Friday, 28 November 2014

Protasco shareholders oust Tey, Ooi

Protasco’s shareholders have voted to remove Tey Por Yee and Ooi Kock Aun from its board with immediate effect. At its rescheduled extraordinary general meeting (EGM) yesterday, 95.6% of the shareholders who attended and collectively own 170.4m shares, voted for their removal, compared with 4.3% (7.7m shares) who opposed the motion. Protasco has some 6,000 shareholders with the top 200 owning a combined 78% stake. (BT) 

Prasarana bags RM9m job for Makkah Metro phase one

Prasarana Malaysia has won a RM9m contract to provide operations and maintenance (O&M) consultancy services for phase one of the Makkah Public Transport Program Metro (Makkah Metro), its first international job since it ventured overseas last year. It would be responsible for the provision of the services to the Makkah Mass Rail Transit Company during the construction of phase one of Makkah Metro, said the nation's leading owner and operator of mass public transport systems and services in a press release yesterday. This covers two lines over 22 stations spanning 45.1km, including a 24.9km underground rail network. (Financial Daily) 

Re-POS-itioning Debit Card

The days of tapping a debit card on a point-of-sale (POS) device to pay for a glass of teh tarik or a newspaper are drawing closer as Bank Negara Malaysia unveils details of its roadmap for Malaysia’s migration to e-payments. Next year will see 50,000 POS terminals deployed among the targeted lower-tier merchants to enable customers to make payments using debit cards. The move is part of a plan that will see the banking industry deploy 570,000 new POS terminals nationwide between 2015 and 2020 (50,000 in 2015; 50,000 in 2016; 100,000 in 2017; 130,000 in 2018; 130,000 in 2019; and 110,000 in 2020). 

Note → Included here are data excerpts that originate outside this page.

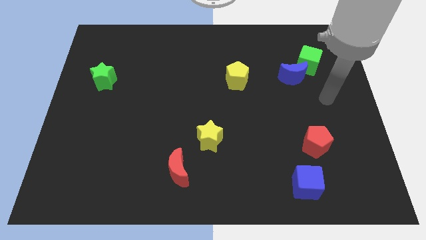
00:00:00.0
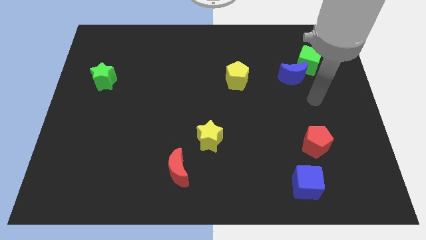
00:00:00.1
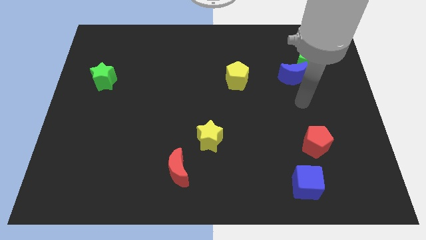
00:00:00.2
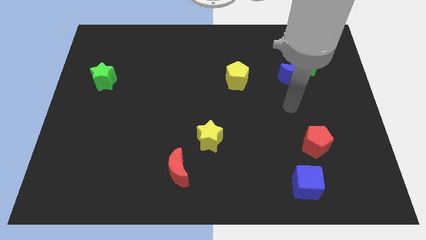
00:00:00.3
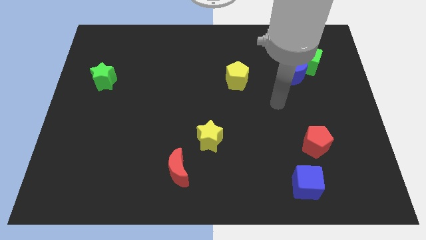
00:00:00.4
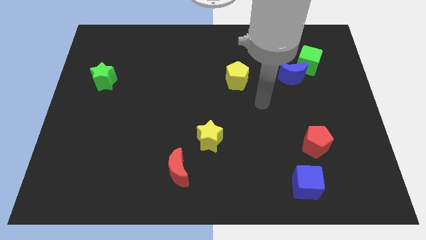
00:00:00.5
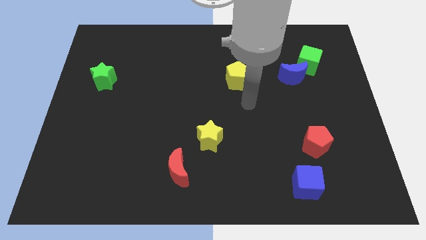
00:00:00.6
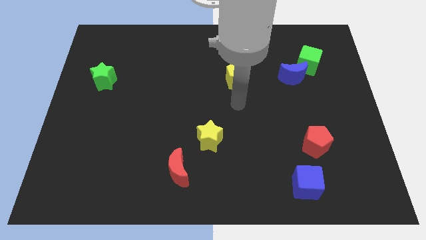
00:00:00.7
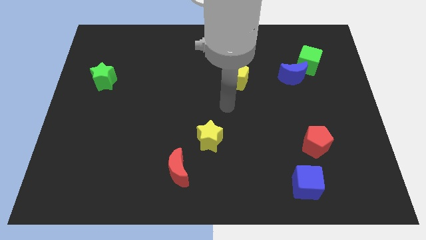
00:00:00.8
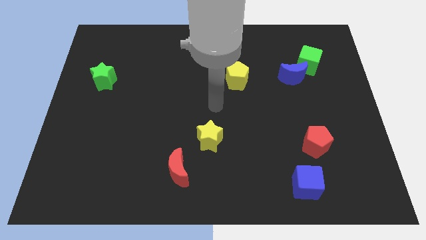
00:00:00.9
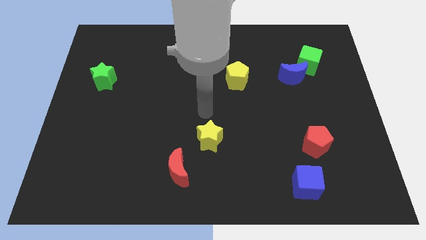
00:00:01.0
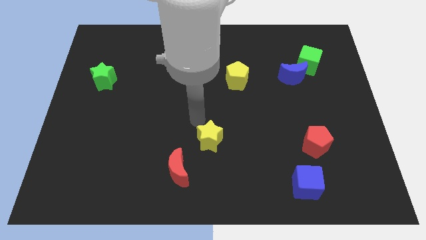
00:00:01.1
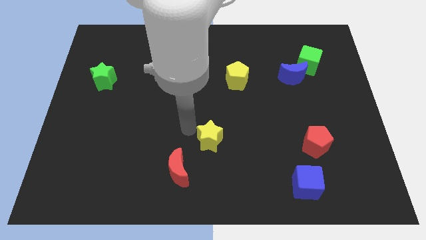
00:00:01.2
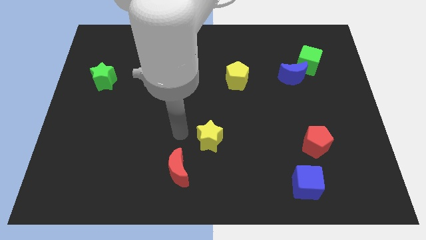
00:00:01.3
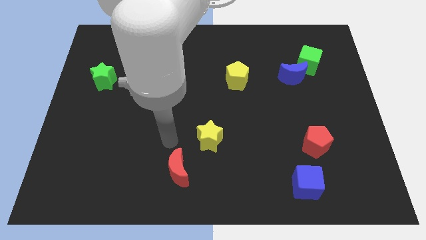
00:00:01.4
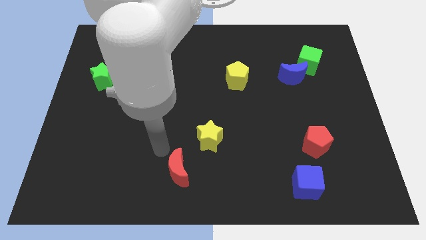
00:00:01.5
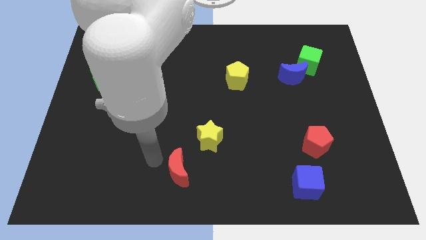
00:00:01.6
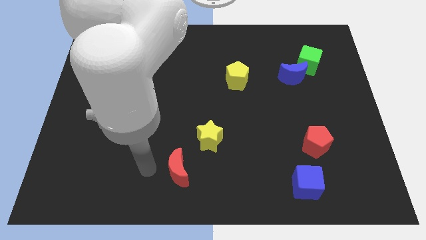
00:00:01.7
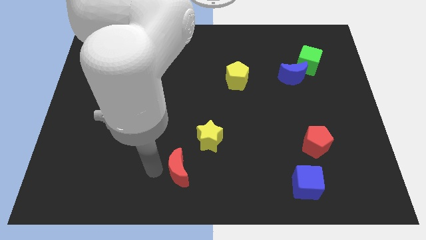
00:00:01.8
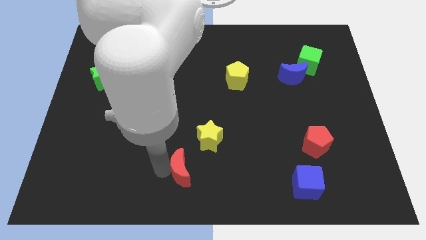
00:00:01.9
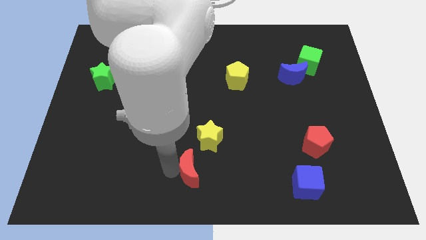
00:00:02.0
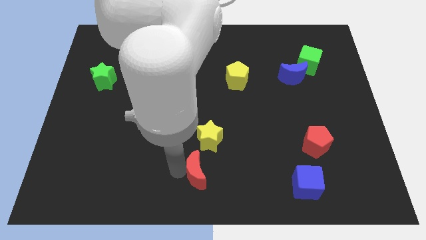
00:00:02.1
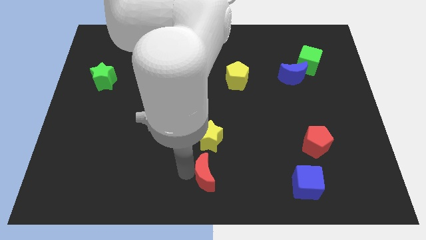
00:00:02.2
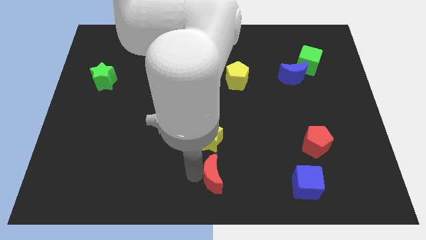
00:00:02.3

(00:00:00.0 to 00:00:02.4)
slightly move the red moon right

“The idea is to widen the acceptance of debit cards among consumers. We will conduct promotional activities to boost debit card use to 89m transactions in 2015, compared with 65m transactions this year,” said Bank Negara Malaysia deputy governor Datuk Muhammad Ibrahim at the “Payment System Forum & Exhibition 2014”, here, yesterday. (BT) 

Kronologi to use listing proceeds for expansion

Enterprise data management (EDM) specialist Kronologi Asia Bhd plans to spend the RM17.18m raised from its ACE-listing IPO on expansion, research and working capital. Kronologi is making a public issue of 59.25m new shares at 29 sen a share.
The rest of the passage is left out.